1 Nephi 11:6-7 The Son of the Most High God:


     Critics of the Book of Mormon view terms like "the Son of the most high God" (1 Nephi 11:6) and "the Son of God" as plagiarisms from the New Testament gospels because they represent later developments peculiar to Christianity. However, according to Matt Roper, both titles have recently turned up in an unpublished Dead Sea Scroll fragment written in Aramaic from before the time of Jesus. Although it is unknown to whom the prophecy refers, the fragment states:

           [X] shall be great upon the earth. [O king, all (people) shall] make [peace], and all shall serve [him. He shall be called the son of] the [G]reat [God], and by his name shall be hailed (as) the Son of God, and they shall call him Son of the Most High,"


     The writer for Biblical Archaeology Review states,

           this is the first time that the term "Son of God" has been found in a Palestinian text outside the Bible. . . . Previously some scholars have insisted that the origin of terms like "Most High" and "Son of the Most High" were to be found in Hellenistic usage outside of Palestine and that therefore they relate to later development of Christian Doctrine. Now we know that these terms were part of Christianity's original Jewish heritage.243


[Matthew Roper, Book Review of Jerald and Sandra Tanner's Covering Up the Black Hole in the Book of Mormon, in Review of Books on the Book of Mormon, Vol. 3 1991, pp. 173-174]


1 Nephi 11:7 The Tree . . . It Is the Son of God (Potter):


     While living in the valley of Lemuel, Lehi had a dream in which he saw a tree with fruit that was "most sweet, above all that [he] ever before tasted" (1 Nephi 8:10-12). Nephi later desired to know the meaning of the dream his father had received. His wish was granted and he was transported in the Spirit "into an exceedingly high mountain" (1 Nephi 11:1). Here the Spirit instructed Nephi that the tree represented "the Son of God" (1 Nephi 11:7).
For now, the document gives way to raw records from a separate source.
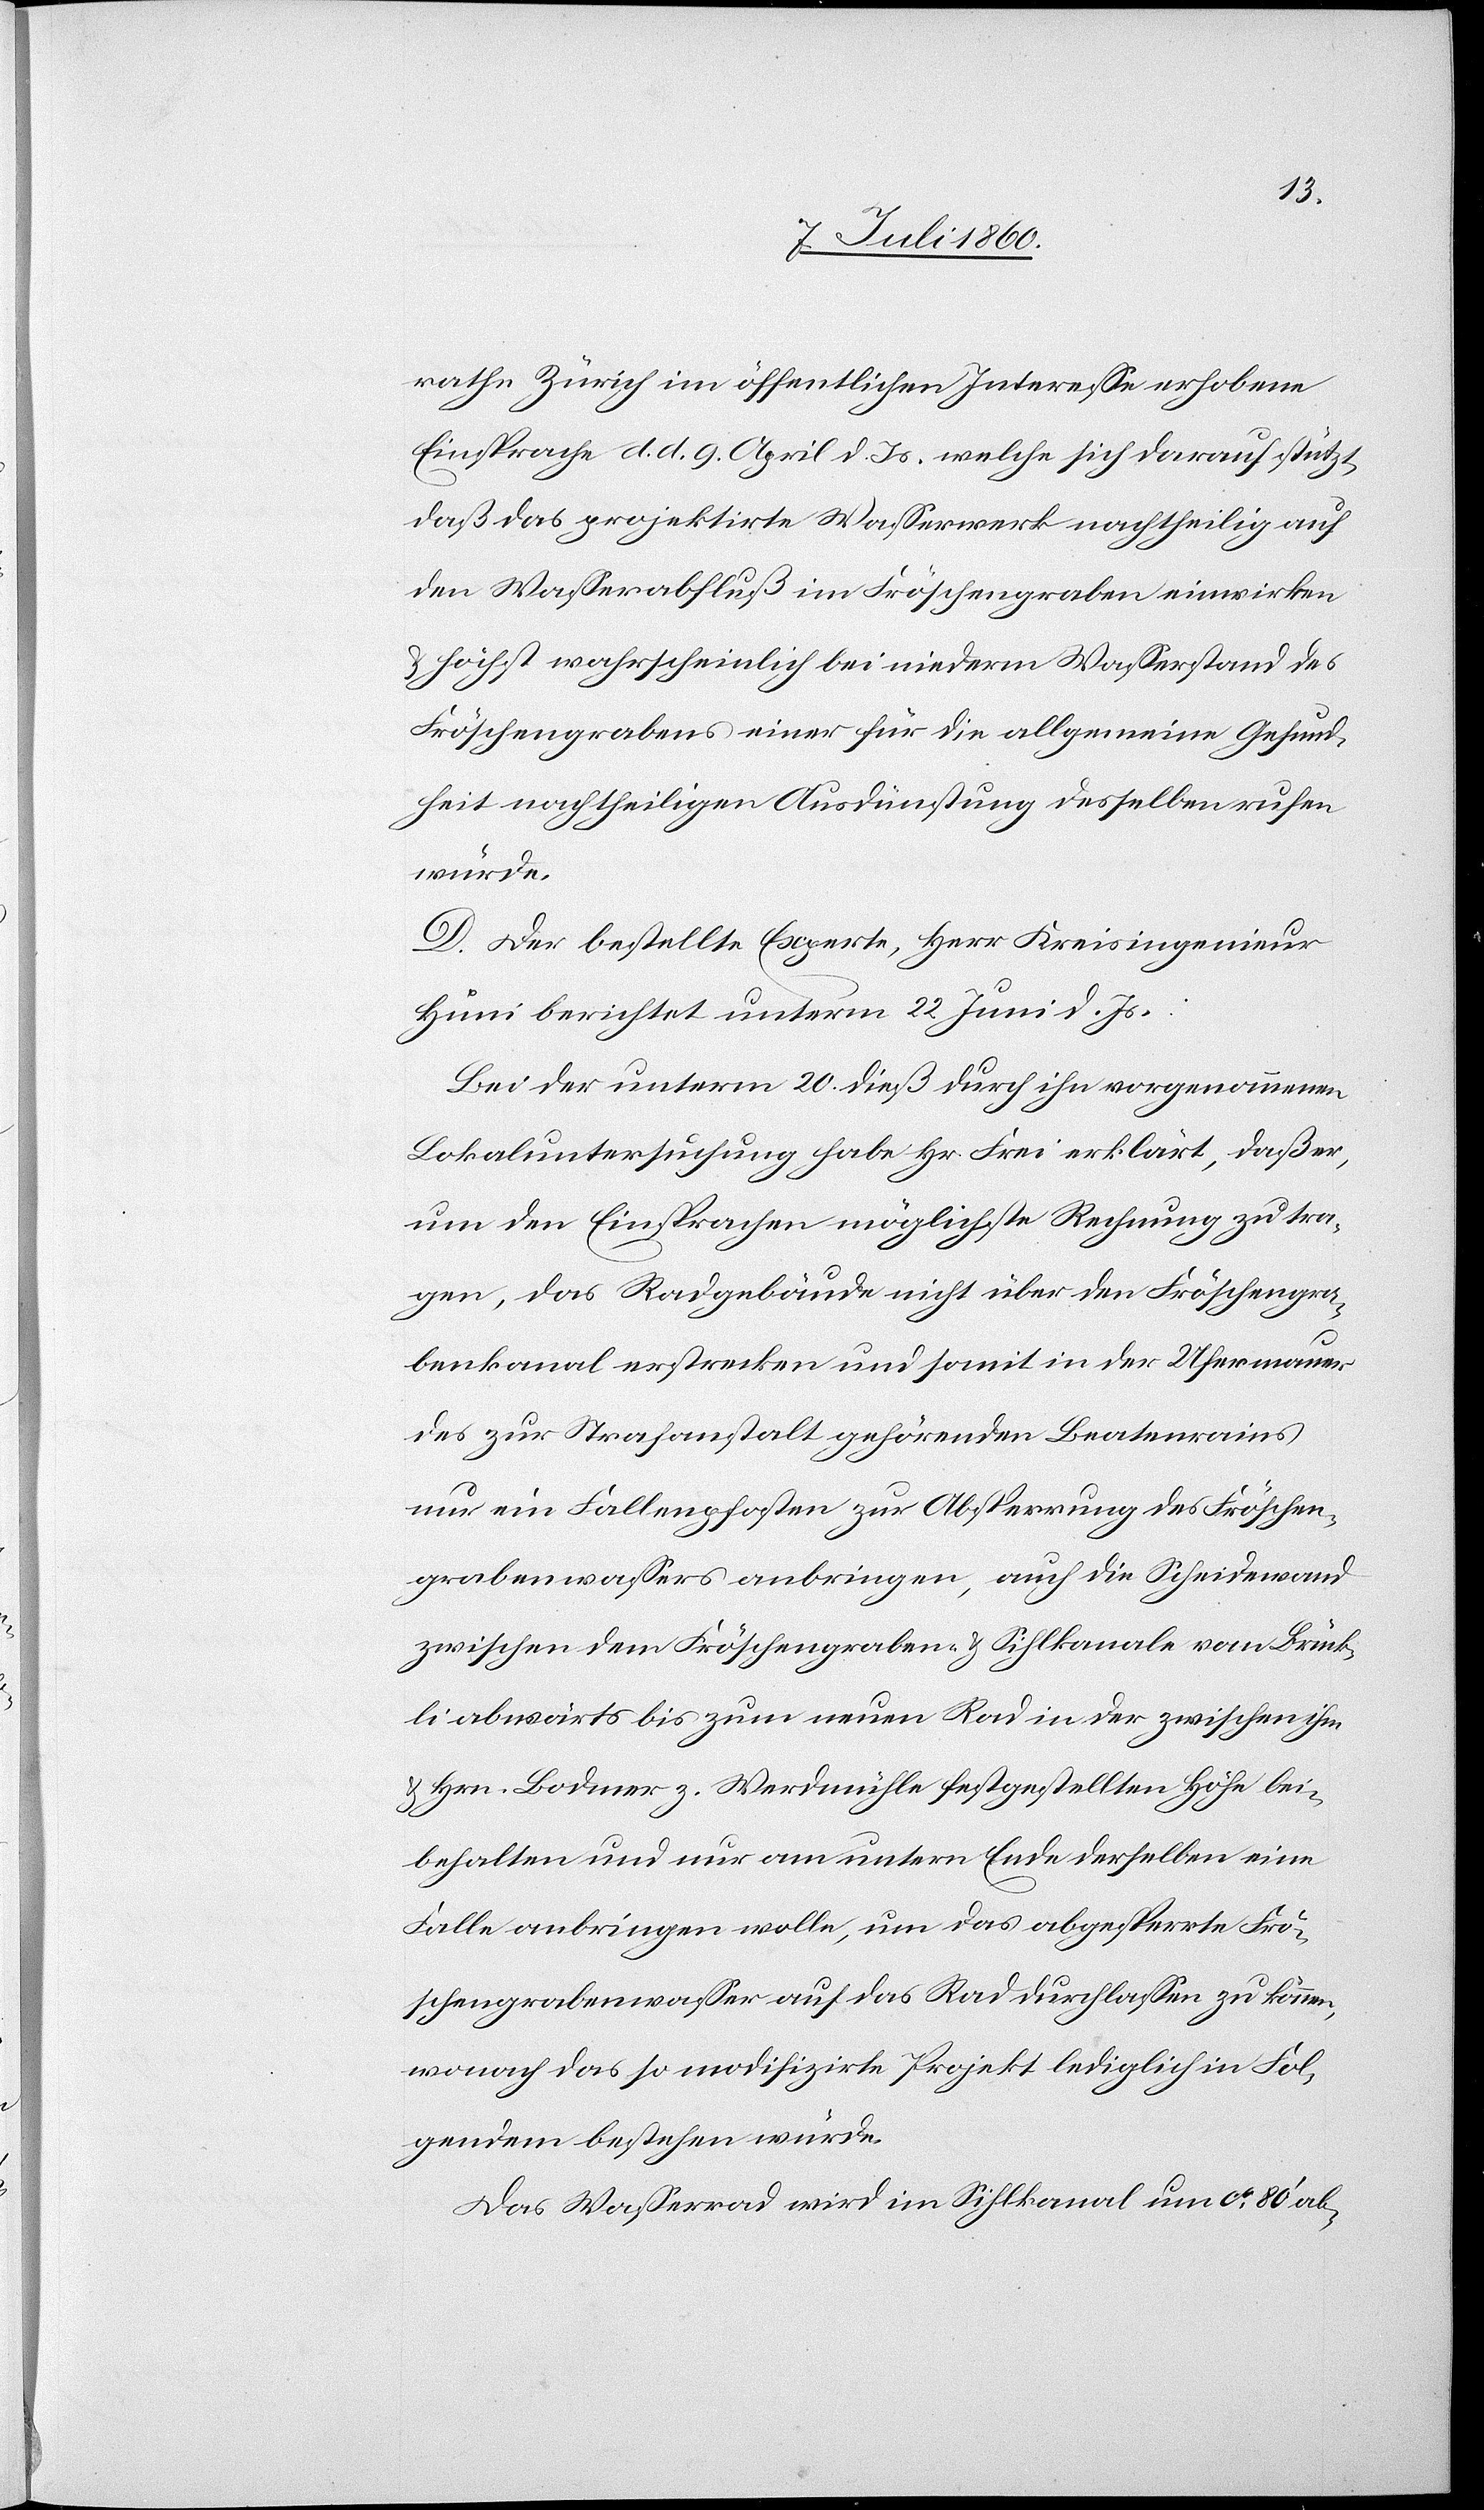
rathe Zürich im öffentlichen Interesse erhobene
Einsprache d. d. 9. April d. Js. welche sich darauf stützt,
daß das projektirte Wasserwerk nachtheilig auf
den Wasserabfluß im Fröschengraben einwirken
& höchst wahrscheinlich bei niederm Wasserstand des
Fröschengrabens einer für die allgemeine Gesund¬
heit nachtheiligen Ausdünstung desselben rufen
würde.
D. Der bestellte Experte, Hr. Kreisingenieur
Hüni berichtet unterm 22. Juni d. Js.:
Bei der unterm 20. dieß durch ihn vorgenommenen
Lokaluntersuchung habe Hr. Frei erklärt, daß er,
um den Einsprachen möglichste Rechnung zu tra¬
gen, das Radgebäude nicht über den Fröschengra¬
benkanal erstrecken und somit in der Ufermauer
des zur Strafanstalt gehörenden Beatenrains
nur ein Fallenpfosten zur Absperrung des Fröschen¬
grabenswassers anbringen, auch die Scheidewand
zwischen dem Fröschengraben- & Sihlkanale vom Brück¬
li abwärts bis zum neuen Rad in der zwischen ihm
Hrn. Bodmer z. Werdmühle festgestellten Höhe bei¬
behalten und nur am untern Ende derselben eine
Falle anbringen wolle, um das abgesperrte Frö¬
schengrabenwasser auf das Rad durchlassen zu können,
wonach das so modifizirte Projekt lediglich in Fol¬
gendem bestehen würde:
Das Wasserrad wird im Sihlkanal um ca. 80’ ab-

     According to George Potter and Richard Wellington, since ancient times palm branches have symbolized victory and kingship. The apostle John wrote that the followers of Christ "took branches of palm trees, and went forth to meet him, and cried Hosanna: Blessed is the King of Israel that cometh in the name of the Lord" (John 12:13). But would someone in Nephi's time and place have understood the association between a tree, probably a date palm, and the Son of God? The answer is yes!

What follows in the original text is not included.